▶ _What to produce_
Locate the string "http" in the listing below. Copy every line where it is found.

▶ _Source material_
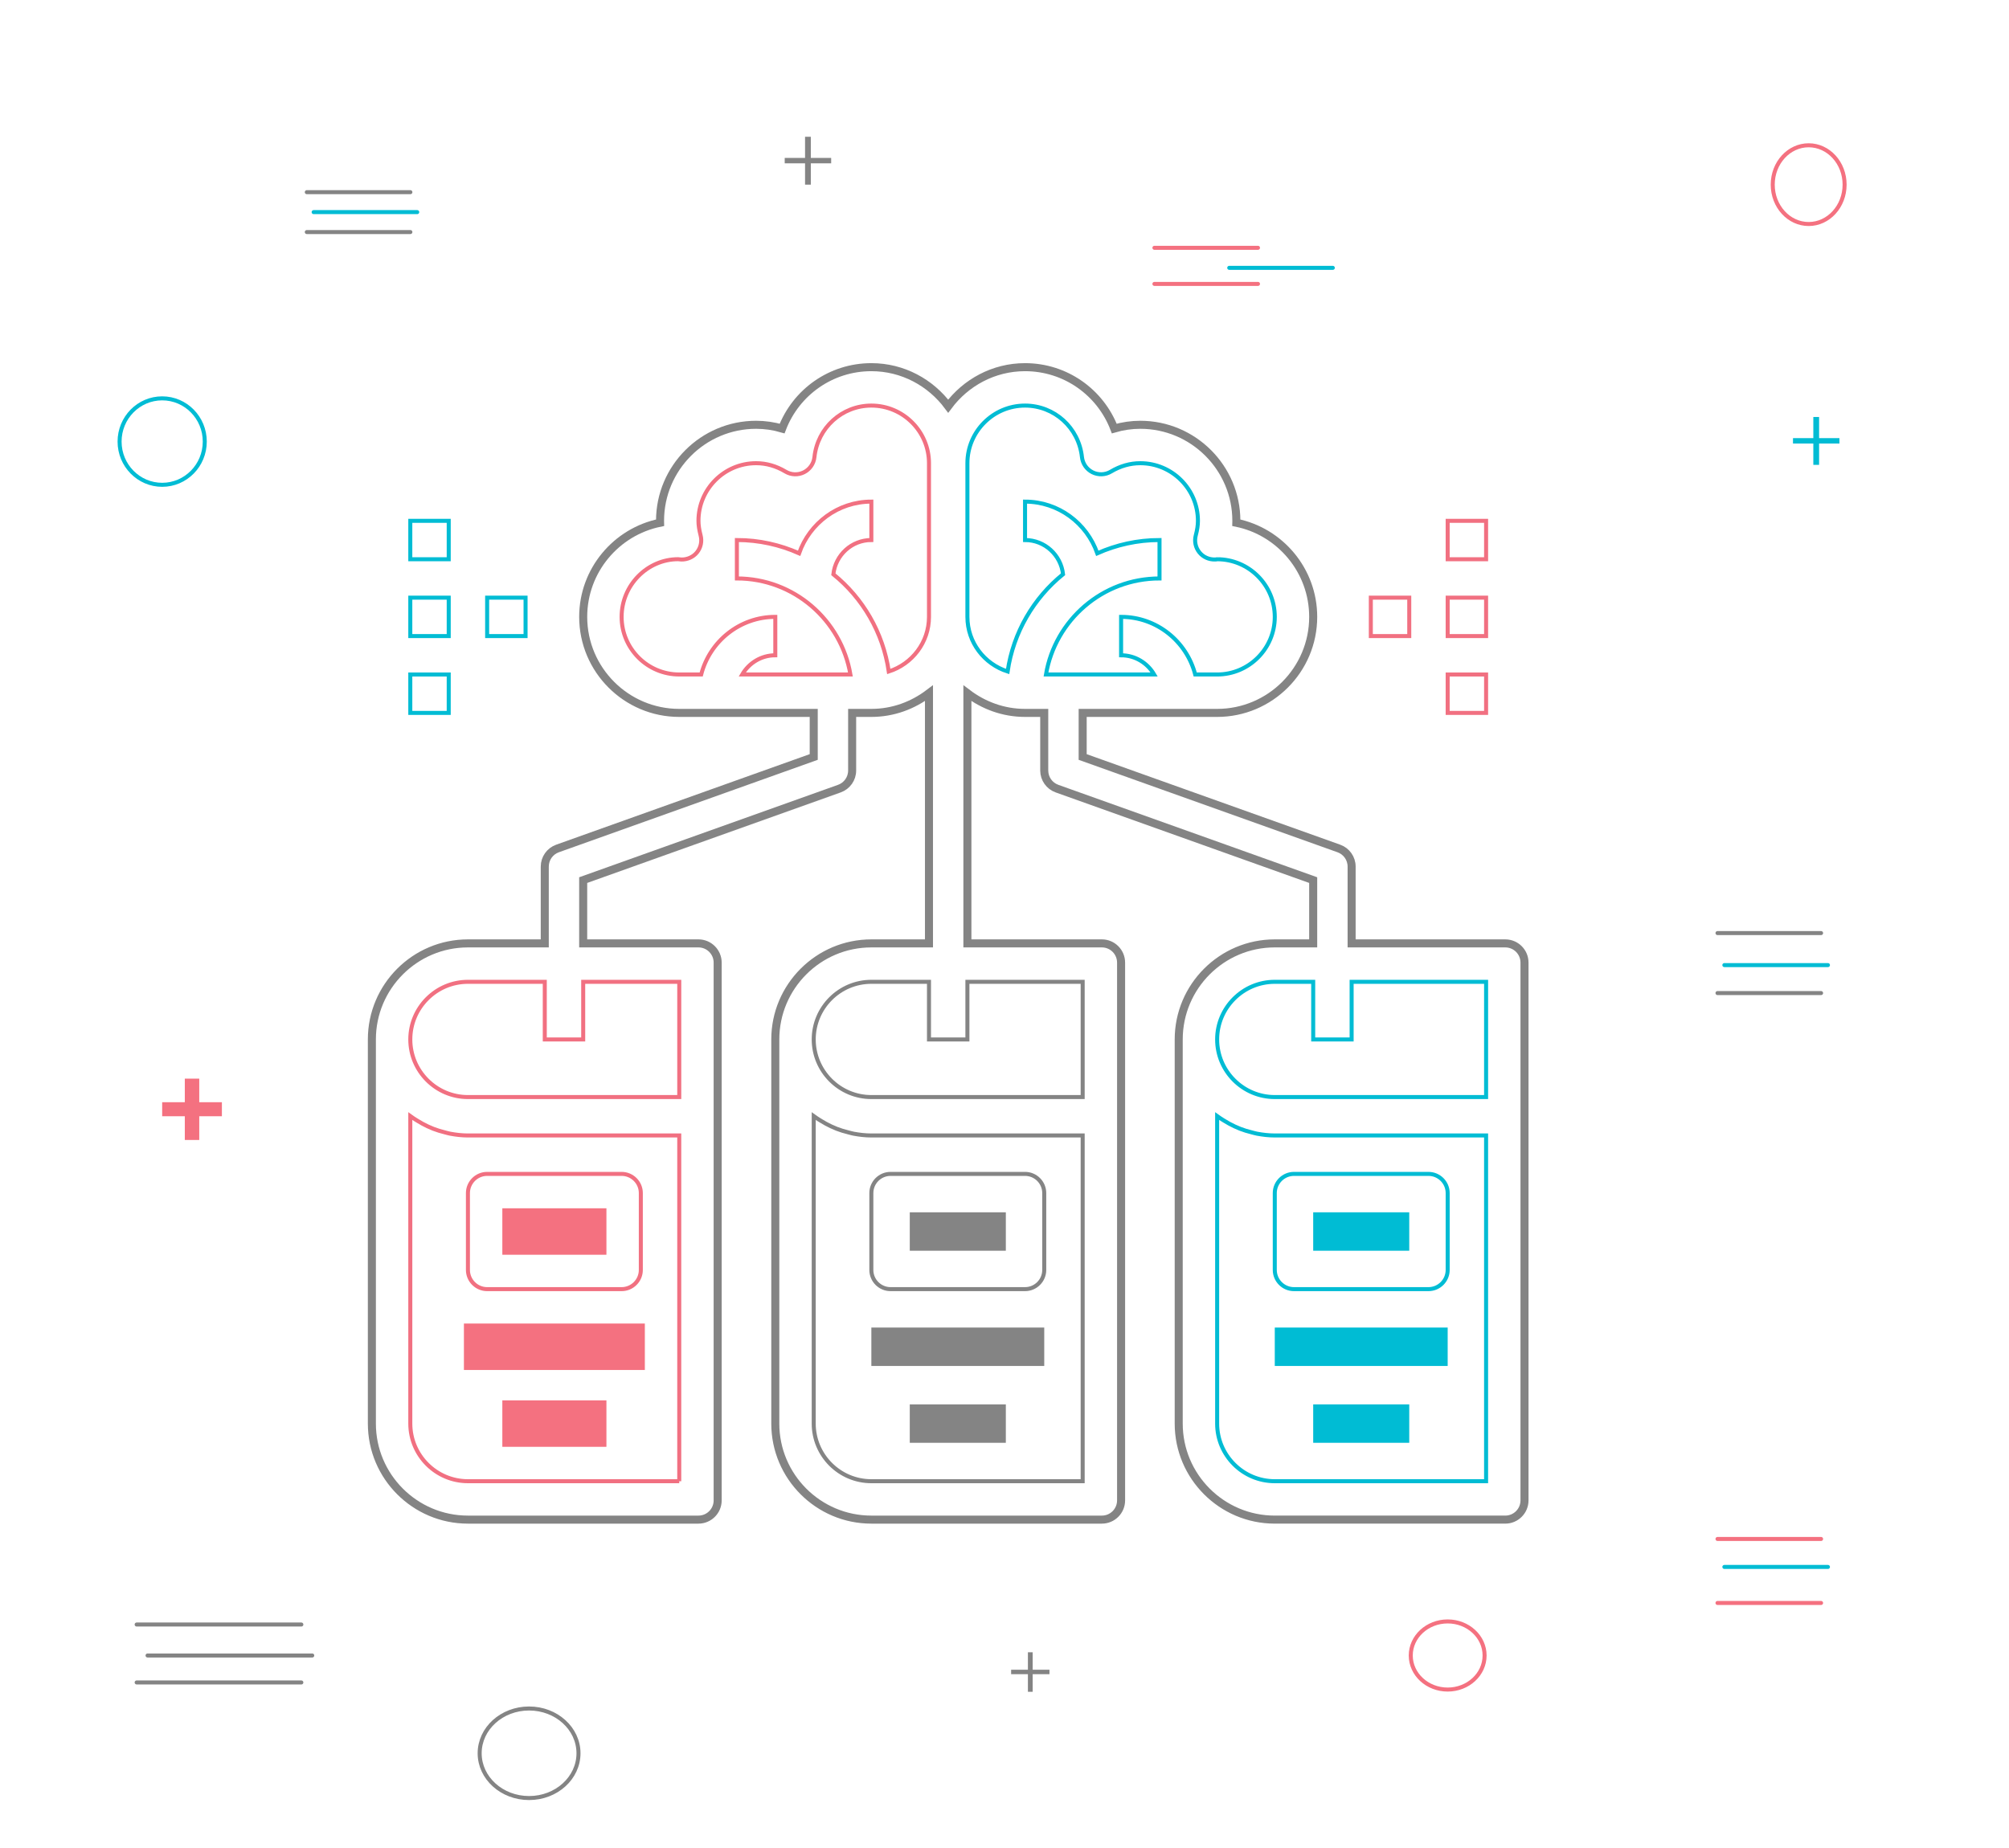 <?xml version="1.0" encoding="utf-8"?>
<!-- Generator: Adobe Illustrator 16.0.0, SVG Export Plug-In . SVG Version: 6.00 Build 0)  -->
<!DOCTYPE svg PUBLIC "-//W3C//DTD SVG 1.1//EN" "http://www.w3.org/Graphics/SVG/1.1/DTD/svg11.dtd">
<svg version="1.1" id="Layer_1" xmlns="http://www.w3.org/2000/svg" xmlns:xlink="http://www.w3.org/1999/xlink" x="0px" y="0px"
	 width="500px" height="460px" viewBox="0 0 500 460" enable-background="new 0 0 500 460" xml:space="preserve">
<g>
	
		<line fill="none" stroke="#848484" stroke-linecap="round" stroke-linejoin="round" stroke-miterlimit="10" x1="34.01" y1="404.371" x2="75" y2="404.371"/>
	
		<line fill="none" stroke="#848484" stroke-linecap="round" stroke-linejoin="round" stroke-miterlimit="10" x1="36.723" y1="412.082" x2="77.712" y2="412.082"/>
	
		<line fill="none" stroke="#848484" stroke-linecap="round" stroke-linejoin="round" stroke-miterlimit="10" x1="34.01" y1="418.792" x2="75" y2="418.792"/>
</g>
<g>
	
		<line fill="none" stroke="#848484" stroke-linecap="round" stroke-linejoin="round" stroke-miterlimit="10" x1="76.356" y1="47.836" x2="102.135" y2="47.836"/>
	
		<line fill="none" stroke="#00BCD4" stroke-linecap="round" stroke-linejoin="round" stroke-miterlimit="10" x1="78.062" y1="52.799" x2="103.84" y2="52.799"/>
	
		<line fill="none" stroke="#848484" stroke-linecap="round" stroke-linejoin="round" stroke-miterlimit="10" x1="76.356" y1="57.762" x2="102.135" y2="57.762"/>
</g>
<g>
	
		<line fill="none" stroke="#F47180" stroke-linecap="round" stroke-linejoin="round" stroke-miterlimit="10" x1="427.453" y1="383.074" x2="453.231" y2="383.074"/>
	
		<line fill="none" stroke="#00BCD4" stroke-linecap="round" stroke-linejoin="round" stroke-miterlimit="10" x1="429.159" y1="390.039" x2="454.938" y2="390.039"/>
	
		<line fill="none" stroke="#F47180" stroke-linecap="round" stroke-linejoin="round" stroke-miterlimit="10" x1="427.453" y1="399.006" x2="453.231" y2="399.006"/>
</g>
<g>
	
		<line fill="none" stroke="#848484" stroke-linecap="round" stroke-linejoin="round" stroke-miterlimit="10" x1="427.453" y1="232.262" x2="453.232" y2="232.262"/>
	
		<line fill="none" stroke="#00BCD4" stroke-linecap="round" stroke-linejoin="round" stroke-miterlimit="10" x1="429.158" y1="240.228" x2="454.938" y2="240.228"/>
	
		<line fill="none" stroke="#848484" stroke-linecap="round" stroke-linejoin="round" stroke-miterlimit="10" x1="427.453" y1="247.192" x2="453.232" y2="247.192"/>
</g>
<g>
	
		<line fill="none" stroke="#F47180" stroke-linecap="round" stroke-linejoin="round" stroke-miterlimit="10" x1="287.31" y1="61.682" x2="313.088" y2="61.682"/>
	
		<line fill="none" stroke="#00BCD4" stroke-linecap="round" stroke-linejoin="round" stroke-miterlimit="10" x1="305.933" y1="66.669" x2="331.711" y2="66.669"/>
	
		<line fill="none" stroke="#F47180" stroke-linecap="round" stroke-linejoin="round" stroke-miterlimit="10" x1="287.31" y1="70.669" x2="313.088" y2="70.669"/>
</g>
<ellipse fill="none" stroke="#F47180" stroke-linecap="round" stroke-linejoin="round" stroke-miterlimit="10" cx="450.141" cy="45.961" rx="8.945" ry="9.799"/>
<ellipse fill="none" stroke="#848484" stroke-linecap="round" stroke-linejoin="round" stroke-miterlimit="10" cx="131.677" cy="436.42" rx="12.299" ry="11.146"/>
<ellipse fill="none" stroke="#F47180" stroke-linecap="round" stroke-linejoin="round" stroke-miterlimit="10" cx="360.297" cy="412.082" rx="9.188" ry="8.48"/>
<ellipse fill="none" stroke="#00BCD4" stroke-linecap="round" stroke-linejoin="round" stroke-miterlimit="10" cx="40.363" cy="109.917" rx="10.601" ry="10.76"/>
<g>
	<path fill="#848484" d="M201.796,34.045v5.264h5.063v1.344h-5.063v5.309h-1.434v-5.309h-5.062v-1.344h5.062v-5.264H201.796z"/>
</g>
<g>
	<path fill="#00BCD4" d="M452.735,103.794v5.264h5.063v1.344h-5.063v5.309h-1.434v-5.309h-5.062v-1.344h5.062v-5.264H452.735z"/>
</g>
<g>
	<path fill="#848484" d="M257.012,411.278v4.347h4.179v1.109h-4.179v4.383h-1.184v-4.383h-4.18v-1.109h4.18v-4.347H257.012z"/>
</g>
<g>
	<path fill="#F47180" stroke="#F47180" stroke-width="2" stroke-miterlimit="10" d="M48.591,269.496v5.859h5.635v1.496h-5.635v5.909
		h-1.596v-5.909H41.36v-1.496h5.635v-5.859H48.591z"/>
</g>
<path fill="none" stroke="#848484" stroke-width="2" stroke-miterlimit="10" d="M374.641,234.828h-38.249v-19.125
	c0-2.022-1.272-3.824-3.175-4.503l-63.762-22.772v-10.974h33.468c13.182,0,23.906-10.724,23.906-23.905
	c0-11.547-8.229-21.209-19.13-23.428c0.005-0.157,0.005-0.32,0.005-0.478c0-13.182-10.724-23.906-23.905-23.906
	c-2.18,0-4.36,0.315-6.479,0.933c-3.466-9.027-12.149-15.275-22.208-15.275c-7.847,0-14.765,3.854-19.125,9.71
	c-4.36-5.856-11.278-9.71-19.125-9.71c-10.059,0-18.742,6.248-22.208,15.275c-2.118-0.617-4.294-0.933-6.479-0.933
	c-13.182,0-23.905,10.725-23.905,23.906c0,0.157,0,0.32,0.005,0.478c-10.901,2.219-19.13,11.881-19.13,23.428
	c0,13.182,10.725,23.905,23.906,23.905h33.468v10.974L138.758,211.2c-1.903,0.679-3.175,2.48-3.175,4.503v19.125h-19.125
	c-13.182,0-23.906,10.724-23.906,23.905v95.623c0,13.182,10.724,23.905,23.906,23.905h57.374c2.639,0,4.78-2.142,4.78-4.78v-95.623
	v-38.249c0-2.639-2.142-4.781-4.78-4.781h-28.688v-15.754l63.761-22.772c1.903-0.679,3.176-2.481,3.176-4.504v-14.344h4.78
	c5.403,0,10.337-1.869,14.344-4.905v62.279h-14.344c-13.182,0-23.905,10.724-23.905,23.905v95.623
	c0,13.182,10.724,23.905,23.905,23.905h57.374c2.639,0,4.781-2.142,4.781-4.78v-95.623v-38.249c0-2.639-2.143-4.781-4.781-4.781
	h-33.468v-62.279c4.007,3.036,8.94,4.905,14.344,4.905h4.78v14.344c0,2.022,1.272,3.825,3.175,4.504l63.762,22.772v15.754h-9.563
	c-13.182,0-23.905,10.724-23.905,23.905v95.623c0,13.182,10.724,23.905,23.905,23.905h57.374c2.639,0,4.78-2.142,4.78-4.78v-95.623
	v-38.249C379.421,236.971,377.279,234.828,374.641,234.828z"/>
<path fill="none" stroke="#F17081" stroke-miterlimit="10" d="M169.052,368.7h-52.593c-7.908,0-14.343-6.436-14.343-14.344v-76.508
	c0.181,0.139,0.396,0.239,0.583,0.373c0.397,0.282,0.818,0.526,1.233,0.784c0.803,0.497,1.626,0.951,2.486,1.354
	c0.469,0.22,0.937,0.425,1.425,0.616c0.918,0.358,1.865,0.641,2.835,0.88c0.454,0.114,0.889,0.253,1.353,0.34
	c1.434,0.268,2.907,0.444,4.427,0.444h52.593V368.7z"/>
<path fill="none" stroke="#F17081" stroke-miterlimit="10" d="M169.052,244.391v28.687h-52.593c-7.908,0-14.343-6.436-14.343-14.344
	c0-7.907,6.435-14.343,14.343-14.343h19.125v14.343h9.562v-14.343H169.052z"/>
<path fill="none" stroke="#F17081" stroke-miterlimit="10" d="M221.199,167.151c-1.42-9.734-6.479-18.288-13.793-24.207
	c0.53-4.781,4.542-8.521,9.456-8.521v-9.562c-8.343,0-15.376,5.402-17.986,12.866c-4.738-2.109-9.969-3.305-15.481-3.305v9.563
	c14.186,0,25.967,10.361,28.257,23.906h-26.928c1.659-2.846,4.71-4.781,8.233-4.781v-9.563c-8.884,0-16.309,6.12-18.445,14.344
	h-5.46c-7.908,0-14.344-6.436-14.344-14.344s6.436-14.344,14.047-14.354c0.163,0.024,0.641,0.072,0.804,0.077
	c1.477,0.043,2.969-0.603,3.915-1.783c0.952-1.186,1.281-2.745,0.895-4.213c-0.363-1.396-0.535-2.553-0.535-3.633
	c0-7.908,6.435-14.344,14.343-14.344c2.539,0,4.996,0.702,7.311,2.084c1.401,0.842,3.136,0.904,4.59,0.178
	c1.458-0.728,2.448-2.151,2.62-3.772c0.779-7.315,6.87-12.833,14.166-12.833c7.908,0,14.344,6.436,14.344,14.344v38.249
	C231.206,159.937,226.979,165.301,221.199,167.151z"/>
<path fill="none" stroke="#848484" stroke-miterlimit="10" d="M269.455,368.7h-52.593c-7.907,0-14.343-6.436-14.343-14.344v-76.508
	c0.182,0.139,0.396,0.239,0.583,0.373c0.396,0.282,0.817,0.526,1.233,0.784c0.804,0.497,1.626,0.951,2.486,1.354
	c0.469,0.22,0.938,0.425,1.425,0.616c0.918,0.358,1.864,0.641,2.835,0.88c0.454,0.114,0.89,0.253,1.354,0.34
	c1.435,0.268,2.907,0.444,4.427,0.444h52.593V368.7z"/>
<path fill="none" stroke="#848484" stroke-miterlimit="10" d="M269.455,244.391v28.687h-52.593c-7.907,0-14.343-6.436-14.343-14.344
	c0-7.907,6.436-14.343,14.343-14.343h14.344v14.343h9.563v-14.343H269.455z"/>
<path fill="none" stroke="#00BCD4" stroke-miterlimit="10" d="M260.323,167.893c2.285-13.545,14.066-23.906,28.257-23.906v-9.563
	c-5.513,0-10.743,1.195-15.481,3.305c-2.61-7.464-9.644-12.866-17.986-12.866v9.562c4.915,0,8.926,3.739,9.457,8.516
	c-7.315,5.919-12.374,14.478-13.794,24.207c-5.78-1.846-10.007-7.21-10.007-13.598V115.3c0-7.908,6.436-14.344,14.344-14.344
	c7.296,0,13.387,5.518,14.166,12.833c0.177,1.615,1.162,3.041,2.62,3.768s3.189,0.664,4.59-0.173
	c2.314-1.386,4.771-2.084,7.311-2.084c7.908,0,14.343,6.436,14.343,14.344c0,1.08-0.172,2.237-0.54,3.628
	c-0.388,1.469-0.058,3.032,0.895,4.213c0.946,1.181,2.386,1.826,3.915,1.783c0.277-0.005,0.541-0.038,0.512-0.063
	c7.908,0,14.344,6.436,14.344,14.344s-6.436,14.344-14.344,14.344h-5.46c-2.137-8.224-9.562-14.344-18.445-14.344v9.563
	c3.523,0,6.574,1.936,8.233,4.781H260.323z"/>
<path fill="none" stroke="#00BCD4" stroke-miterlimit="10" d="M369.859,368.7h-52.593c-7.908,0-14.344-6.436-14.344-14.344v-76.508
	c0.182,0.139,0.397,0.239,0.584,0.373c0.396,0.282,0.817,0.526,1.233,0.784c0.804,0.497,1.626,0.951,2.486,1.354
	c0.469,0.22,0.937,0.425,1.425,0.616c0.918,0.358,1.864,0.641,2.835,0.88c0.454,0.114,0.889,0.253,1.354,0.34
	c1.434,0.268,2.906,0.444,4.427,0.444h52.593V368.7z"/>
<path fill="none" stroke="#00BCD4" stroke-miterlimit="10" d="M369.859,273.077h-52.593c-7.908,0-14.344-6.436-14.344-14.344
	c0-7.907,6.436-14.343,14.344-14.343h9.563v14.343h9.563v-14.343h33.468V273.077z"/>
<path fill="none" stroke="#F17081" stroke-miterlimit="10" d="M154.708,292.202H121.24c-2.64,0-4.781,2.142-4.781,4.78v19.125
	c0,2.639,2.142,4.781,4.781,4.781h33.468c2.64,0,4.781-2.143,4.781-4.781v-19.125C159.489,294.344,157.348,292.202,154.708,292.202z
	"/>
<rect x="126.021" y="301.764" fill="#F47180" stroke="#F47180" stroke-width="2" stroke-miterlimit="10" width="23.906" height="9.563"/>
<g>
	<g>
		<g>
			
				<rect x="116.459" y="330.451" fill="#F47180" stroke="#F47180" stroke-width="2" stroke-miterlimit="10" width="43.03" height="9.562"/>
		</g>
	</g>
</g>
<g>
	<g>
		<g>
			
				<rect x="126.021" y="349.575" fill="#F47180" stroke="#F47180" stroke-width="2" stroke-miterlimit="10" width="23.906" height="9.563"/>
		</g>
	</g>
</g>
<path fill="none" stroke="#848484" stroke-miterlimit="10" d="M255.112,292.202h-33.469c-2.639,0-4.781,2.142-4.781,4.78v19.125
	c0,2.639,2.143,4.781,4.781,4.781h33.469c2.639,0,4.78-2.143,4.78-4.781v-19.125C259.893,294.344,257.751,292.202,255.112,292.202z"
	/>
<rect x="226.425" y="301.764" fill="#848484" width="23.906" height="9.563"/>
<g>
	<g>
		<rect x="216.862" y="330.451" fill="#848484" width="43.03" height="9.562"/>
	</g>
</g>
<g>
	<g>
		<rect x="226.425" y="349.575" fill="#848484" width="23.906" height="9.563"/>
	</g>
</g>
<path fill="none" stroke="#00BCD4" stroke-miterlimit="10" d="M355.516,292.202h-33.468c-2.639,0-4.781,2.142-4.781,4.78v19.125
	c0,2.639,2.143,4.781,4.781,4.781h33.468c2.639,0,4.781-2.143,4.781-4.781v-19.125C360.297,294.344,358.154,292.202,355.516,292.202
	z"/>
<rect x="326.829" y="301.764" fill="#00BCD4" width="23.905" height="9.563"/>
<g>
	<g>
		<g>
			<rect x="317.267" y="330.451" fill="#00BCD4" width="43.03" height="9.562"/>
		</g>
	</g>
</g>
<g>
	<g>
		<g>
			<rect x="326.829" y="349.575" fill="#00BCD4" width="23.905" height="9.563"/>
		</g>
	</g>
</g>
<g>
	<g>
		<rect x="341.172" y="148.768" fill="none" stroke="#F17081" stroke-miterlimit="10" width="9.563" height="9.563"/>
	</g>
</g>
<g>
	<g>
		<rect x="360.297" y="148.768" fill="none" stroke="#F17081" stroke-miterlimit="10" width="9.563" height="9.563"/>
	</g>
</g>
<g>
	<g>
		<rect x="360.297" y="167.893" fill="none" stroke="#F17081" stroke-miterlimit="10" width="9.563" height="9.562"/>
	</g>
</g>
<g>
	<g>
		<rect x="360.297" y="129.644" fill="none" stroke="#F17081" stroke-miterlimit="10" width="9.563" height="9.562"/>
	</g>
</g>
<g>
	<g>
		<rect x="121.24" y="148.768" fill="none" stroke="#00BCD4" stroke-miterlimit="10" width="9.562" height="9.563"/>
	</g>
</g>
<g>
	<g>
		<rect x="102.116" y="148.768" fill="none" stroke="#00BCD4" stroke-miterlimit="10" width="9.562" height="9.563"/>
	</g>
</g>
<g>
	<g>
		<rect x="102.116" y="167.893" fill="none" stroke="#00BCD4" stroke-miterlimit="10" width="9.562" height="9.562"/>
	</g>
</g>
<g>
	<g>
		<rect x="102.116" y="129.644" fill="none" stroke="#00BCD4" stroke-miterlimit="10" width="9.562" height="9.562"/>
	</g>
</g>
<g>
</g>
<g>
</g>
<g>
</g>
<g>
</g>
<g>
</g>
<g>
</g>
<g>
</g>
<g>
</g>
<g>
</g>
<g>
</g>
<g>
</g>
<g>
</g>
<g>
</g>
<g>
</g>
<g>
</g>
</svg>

▶ _Answer box_
<!DOCTYPE svg PUBLIC "-//W3C//DTD SVG 1.1//EN" "http://www.w3.org/Graphics/SVG/1.1/DTD/svg11.dtd">
<svg version="1.1" id="Layer_1" xmlns="http://www.w3.org/2000/svg" xmlns:xlink="http://www.w3.org/1999/xlink" x="0px" y="0px"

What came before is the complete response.